Chronic stress contributes through a different path. Stress hormones like adrenaline and cortisol temporarily raise blood pressure by constricting vessels and increasing heart rate. When stress is occasional, pressure returns to normal quickly. But sustained stress keeps those hormones elevated, and the behaviors that often accompany chronic stress (poor sleep, overeating, drinking more alcohol, smoking) compound the damage.

Medications and Substances That Raise Blood Pressure

Several common medications can push your blood pressure up, sometimes without you realizing the connection.

  • Pain relievers like ibuprofen and naproxen cause your body to retain water, which can affect kidney function and raise pressure.
  • Decongestants found in cold and allergy medicines (pseudoephedrine, phenylephrine) narrow blood vessels throughout your body, not just in your sinuses.
  • Hormonal birth control can raise blood pressure in some people, with higher risk if you’re over 35, overweight, or a smoker.
  • Some antidepressants across multiple classes can elevate blood pressure as a side effect.
  • ADHD stimulant medications can increase heart rate and raise pressure.
  • Caffeine causes short-term spikes, especially if you don’t consume it regularly.

Certain herbal supplements can also interfere, including licorice root, ginseng, ephedra, and guarana. Illicit drugs like cocaine, amphetamines, and ecstasy cause significant spikes and can trigger dangerously high readings.

Medical Conditions That Directly Cause Hypertension

When an identifiable disease is driving your blood pressure up, it’s called secondary hypertension. This is worth investigating if your blood pressure was normal and then suddenly climbed, if you developed hypertension before age 30, or if your numbers don’t respond to standard treatment.

Kidney disease is the most common culprit. Damaged kidneys can’t filter sodium and fluid properly, so blood volume rises. Diabetes-related kidney damage, polycystic kidney disease, and diseases affecting the kidney’s filtering units can all lead to hypertension. Narrowing of the arteries that supply the kidneys (often from the same plaque buildup that clogs coronary arteries) restricts blood flow and tricks the kidneys into activating the hormonal system that raises pressure.

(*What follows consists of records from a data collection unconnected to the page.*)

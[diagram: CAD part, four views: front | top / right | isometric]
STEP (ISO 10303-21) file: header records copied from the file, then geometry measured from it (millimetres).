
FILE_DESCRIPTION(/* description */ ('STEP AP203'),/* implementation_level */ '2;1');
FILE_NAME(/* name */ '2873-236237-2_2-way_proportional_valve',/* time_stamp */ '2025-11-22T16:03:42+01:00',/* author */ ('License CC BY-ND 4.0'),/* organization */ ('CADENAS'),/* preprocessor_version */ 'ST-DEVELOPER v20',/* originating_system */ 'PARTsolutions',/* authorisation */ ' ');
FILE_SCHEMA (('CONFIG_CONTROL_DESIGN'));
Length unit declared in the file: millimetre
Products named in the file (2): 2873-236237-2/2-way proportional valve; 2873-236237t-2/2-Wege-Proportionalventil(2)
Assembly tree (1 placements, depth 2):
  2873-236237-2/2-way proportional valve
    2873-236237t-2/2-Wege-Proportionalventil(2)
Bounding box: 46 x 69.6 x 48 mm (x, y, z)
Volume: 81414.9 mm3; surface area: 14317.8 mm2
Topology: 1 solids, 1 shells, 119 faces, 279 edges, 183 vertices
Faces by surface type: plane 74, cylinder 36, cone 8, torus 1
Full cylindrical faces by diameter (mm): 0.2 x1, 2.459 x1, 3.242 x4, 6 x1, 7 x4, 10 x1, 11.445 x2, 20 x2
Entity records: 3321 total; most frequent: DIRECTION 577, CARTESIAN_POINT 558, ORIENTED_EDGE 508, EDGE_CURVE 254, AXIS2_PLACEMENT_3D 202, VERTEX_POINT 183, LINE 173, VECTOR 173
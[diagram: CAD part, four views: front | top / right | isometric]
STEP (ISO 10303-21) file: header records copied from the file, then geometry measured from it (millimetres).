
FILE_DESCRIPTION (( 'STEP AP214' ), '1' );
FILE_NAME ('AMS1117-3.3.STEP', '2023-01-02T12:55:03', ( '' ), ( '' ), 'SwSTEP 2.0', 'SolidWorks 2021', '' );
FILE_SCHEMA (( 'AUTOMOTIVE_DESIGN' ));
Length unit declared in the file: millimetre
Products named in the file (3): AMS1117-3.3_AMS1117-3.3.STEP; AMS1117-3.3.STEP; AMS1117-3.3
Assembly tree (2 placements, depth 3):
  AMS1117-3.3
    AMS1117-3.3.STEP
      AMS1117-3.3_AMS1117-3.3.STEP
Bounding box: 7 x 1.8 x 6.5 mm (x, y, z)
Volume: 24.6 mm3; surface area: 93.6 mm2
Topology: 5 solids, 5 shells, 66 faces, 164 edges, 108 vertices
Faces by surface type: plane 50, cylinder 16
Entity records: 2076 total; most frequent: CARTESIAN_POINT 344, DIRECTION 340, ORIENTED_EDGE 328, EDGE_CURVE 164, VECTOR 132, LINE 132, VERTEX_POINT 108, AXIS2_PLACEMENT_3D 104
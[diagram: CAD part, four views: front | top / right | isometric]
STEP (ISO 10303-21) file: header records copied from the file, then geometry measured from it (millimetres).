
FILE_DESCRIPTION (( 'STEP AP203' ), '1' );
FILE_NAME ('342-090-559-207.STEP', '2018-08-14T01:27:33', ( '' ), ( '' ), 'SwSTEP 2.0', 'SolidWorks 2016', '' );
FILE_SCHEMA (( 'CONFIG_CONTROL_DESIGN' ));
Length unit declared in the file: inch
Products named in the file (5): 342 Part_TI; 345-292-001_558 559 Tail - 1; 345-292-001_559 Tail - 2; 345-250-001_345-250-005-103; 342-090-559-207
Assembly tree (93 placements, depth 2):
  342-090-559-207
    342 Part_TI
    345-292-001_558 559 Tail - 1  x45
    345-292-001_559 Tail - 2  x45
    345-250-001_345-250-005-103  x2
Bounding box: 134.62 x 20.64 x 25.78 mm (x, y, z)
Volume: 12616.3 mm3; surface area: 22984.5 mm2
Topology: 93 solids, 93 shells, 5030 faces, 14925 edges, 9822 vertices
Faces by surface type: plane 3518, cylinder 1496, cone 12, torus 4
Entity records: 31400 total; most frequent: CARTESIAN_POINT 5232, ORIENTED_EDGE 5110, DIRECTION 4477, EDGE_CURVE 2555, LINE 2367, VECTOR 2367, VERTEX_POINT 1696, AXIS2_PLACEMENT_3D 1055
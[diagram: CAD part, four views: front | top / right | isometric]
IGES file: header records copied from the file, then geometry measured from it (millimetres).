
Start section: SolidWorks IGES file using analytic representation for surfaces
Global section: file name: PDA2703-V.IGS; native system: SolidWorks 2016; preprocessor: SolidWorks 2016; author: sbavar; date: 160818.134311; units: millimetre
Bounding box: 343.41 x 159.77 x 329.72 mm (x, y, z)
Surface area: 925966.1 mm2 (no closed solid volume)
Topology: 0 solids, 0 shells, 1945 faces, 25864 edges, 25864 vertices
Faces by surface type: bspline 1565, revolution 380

Sleep apnea is another major contributor. When breathing repeatedly stops during sleep, oxygen levels drop, damaging blood vessel walls and triggering the nervous system to release chemicals that raise blood pressure. The combination of vessel damage and nervous system activation means blood pressure stays elevated even during the daytime.

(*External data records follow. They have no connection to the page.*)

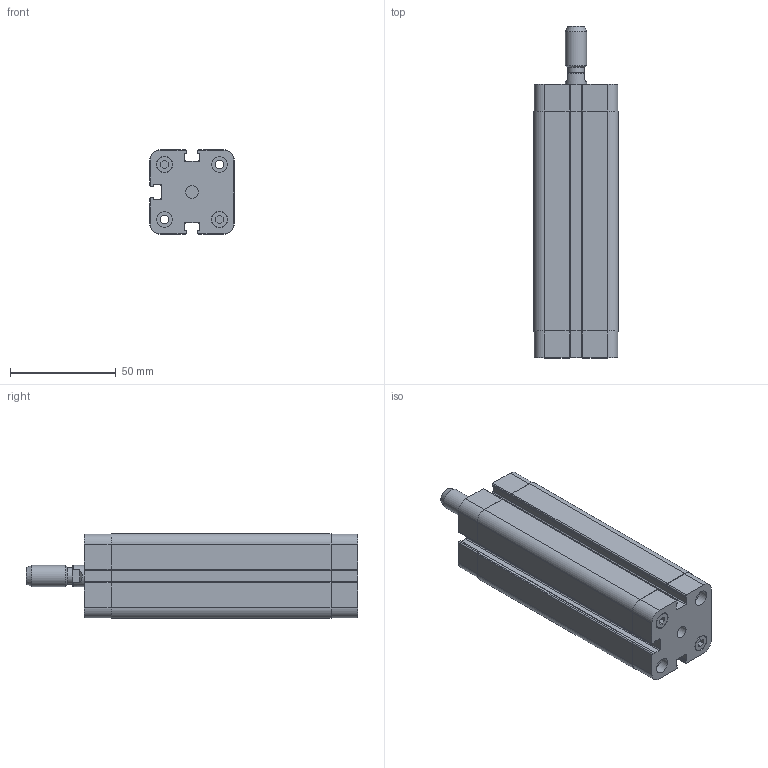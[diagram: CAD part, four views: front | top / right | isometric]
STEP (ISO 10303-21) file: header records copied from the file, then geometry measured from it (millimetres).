
FILE_DESCRIPTION((''),'2;1');
FILE_NAME('ADM025.090.GS.M.stp','2011-08-22T14:14:48',('Administrator'),(''),'Autodesk Inventor 2012','Autodesk Inventor 2012','');
FILE_SCHEMA(('AUTOMOTIVE_DESIGN { 1 0 10303 214 1 1 1 1 }'));
Length unit declared in the file: millimetre
Products named in the file (1): ADM025.090.GS.M
Bounding box: 40.1 x 157 x 40.1 mm (x, y, z)
Volume: 188170.8 mm3; surface area: 33037.6 mm2
Topology: 1 solids, 1 shells, 197 faces, 516 edges, 343 vertices
Faces by surface type: plane 112, cylinder 81, torus 2, cone 2
Full cylindrical faces by diameter (mm): 4.134 x4, 6 x1, 7.5 x8, 7.9 x1, 8 x4, 10 x2, 11.6 x1
Entity records: 6236 total; most frequent: CARTESIAN_POINT 1068, DIRECTION 1052, ORIENTED_EDGE 984, EDGE_CURVE 492, AXIS2_PLACEMENT_3D 366, VERTEX_POINT 342, VECTOR 320, LINE 320
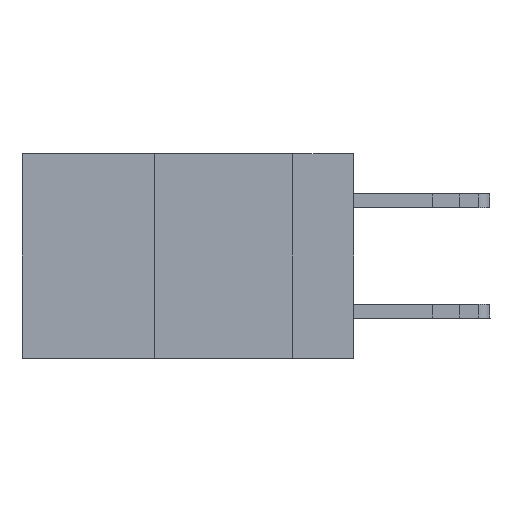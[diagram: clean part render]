
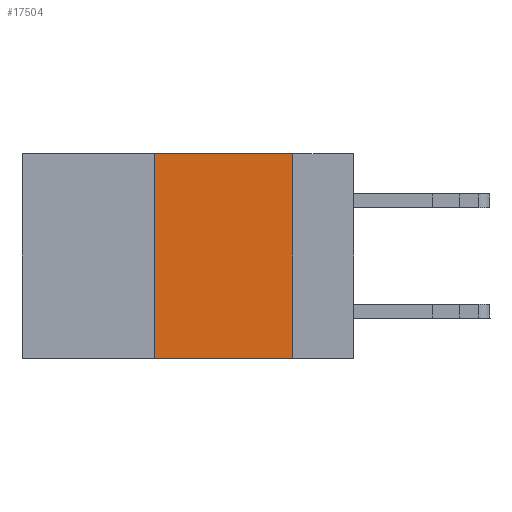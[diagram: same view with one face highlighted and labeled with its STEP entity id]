
A CAD part, left-side view. The second image highlights one B-rep face of the part: STEP entity #17504.
In plain terms, the highlighted planar face has unit normal (-1, 0, 0).
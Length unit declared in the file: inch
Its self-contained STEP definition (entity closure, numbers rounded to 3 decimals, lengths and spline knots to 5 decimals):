
#154 = VERTEX_POINT ( 'NONE', #4113 ) ;
#178 = CARTESIAN_POINT ( 'NONE',  ( 0., 0.36, 0. ) ) ;
#828 = ORIENTED_EDGE ( 'NONE', *, *, #8059, .F. ) ;
#1680 = EDGE_CURVE ( 'NONE', #154, #17830, #22849, .T. ) ;
#1831 = DIRECTION ( 'NONE',  ( 0., -1., 0. ) ) ;
#4113 = CARTESIAN_POINT ( 'NONE',  ( 0., 0.36, -0.37 ) ) ;
#4207 = DIRECTION ( 'NONE',  ( 1., 0., 0. ) ) ;
#5571 = EDGE_CURVE ( 'NONE', #154, #24152, #22559, .T. ) ;
#5594 = DIRECTION ( 'NONE',  ( 0., 0., -1. ) ) ;
#8037 = FACE_OUTER_BOUND ( 'NONE', #13655, .T. ) ;
#8059 = EDGE_CURVE ( 'NONE', #14538, #24152, #8752, .T. ) ;
#8752 = LINE ( 'NONE', #16797, #23566 ) ;
#9175 = CARTESIAN_POINT ( 'NONE',  ( 0., 0.36, 0. ) ) ;
#10957 = ORIENTED_EDGE ( 'NONE', *, *, #21845, .F. ) ;
#11654 = PLANE ( 'NONE',  #16539 ) ;
#11889 = DIRECTION ( 'NONE',  ( 0., -1., 0. ) ) ;
#13507 = CARTESIAN_POINT ( 'NONE',  ( 0., 0.6, 0. ) ) ;
#13655 = EDGE_LOOP ( 'NONE', ( #828, #10957, #20830, #16515 ) ) ;
#14538 = VERTEX_POINT ( 'NONE', #21574 ) ;
#15158 = VECTOR ( 'NONE', #1831, 39.37008 ) ;
#16515 = ORIENTED_EDGE ( 'NONE', *, *, #5571, .T. ) ;
#16539 = AXIS2_PLACEMENT_3D ( 'NONE', #13507, #4207, #17323 ) ;
#16780 = DIRECTION ( 'NONE',  ( 0., 0., 1. ) ) ;
#16797 = CARTESIAN_POINT ( 'NONE',  ( 0., 0.11, 0. ) ) ;
#16925 = CARTESIAN_POINT ( 'NONE',  ( 0., 0.6, 0. ) ) ;
#17283 = CARTESIAN_POINT ( 'NONE',  ( 0., 0.11, -0.37 ) ) ;
#17323 = DIRECTION ( 'NONE',  ( 0., 0., -1. ) ) ;
#17429 = VECTOR ( 'NONE', #16780, 39.37008 ) ;
#17504 = ADVANCED_FACE ( 'NONE', ( #8037 ), #11654, .F. ) ;
#17701 = VECTOR ( 'NONE', #11889, 39.37008 ) ;
#17830 = VERTEX_POINT ( 'NONE', #9175 ) ;
#19284 = CARTESIAN_POINT ( 'NONE',  ( 0., 0.6, -0.37 ) ) ;
#20071 = LINE ( 'NONE', #16925, #15158 ) ;
#20830 = ORIENTED_EDGE ( 'NONE', *, *, #1680, .F. ) ;
#21574 = CARTESIAN_POINT ( 'NONE',  ( 0., 0.11, 0. ) ) ;
#21845 = EDGE_CURVE ( 'NONE', #17830, #14538, #20071, .T. ) ;
#22559 = LINE ( 'NONE', #19284, #17701 ) ;
#22849 = LINE ( 'NONE', #178, #17429 ) ;
#23566 = VECTOR ( 'NONE', #5594, 39.37008 ) ;
#24152 = VERTEX_POINT ( 'NONE', #17283 ) ;
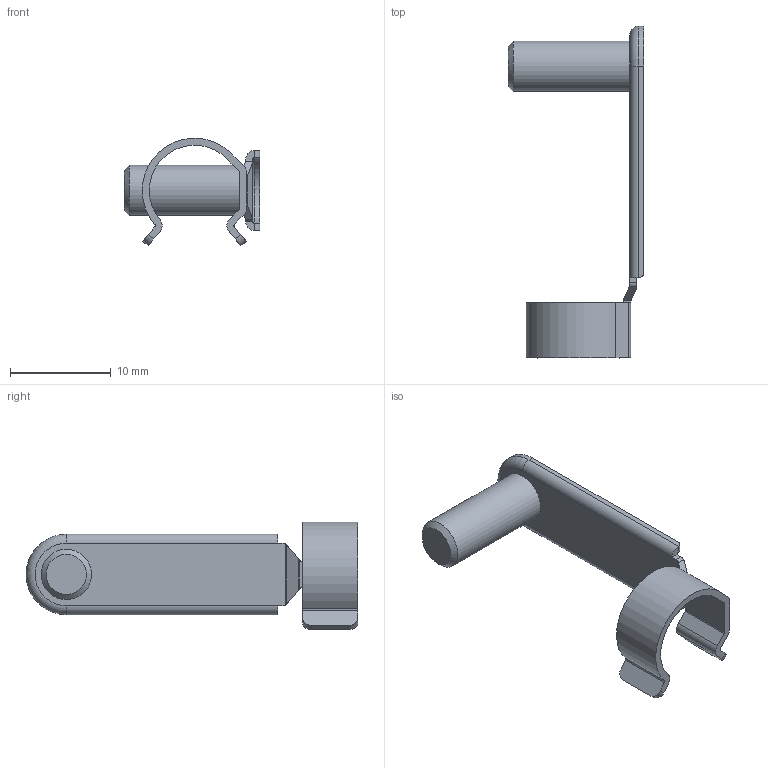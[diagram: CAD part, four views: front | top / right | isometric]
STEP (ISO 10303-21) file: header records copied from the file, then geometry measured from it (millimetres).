
FILE_DESCRIPTION (( 'STEP AP214' ), '1' );
FILE_NAME ('76.05.01.0003.step', '2021-04-02T18:06:53', ( '' ), ( '' ), 'SwSTEP 2.0', 'SolidWorks 2021', '' );
FILE_SCHEMA (( 'AUTOMOTIVE_DESIGN' ));
Length unit declared in the file: millimetre
Products named in the file (1): 76.05.01.0003
Bounding box: 13.5 x 33 x 10.69 mm (x, y, z)
Volume: 503.1 mm3; surface area: 1036.9 mm2
Topology: 1 solids, 1 shells, 65 faces, 174 edges, 112 vertices
Faces by surface type: plane 33, cylinder 29, torus 2, cone 1
Full cylindrical faces by diameter (mm): 5 x1
Entity records: 2044 total; most frequent: CARTESIAN_POINT 378, DIRECTION 348, ORIENTED_EDGE 342, EDGE_CURVE 171, AXIS2_PLACEMENT_3D 121, VERTEX_POINT 111, LINE 106, VECTOR 106

Several adrenal gland disorders can cause hypertension. One condition causes overproduction of aldosterone, leading the kidneys to retain too much salt and water. Another involves excess cortisol, the body’s main stress hormone. A rare adrenal tumor can flood the body with adrenaline, causing dramatic blood pressure spikes along with episodes of rapid heartbeat and sweating.

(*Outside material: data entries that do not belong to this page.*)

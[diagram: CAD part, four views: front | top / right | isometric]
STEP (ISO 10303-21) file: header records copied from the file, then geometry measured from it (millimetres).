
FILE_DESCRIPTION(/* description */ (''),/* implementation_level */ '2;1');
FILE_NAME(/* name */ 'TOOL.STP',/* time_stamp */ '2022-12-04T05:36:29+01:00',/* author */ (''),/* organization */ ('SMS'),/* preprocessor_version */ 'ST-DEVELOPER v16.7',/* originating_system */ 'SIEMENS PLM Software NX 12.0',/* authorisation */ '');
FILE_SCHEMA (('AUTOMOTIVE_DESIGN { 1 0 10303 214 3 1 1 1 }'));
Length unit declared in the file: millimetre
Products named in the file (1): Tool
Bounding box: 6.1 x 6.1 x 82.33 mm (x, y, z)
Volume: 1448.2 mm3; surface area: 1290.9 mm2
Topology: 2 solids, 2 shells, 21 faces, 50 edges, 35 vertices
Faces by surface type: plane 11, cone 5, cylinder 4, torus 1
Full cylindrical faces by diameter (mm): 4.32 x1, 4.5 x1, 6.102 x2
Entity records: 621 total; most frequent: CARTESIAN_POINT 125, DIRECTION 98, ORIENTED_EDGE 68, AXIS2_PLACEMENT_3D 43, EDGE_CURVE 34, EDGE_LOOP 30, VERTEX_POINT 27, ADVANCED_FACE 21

Thyroid problems work in both directions. An overactive thyroid speeds up metabolism and heart rate, while an underactive thyroid can raise blood pressure through changes in blood vessel function. Even a structural problem present from birth, like a narrowing of the body’s main artery, can force the heart to pump harder and raise pressure in the upper body.

Why Multiple Causes Often Overlap

For most people, high blood pressure isn’t caused by one thing. It’s the result of several factors stacking on top of each other. You might have a genetic predisposition that makes your kidneys hold onto sodium a little more readily. Add a diet heavy in processed food, 20 extra pounds of body fat promoting inflammation and insulin resistance, arteries that have naturally stiffened with age, and a daily ibuprofen habit for a bad knee. None of those factors alone might be enough, but together they push your numbers past the threshold. This is also why treatment usually involves multiple approaches: adjusting your diet, increasing activity, losing weight if needed, and sometimes medication to address the pathways that lifestyle changes can’t fully correct.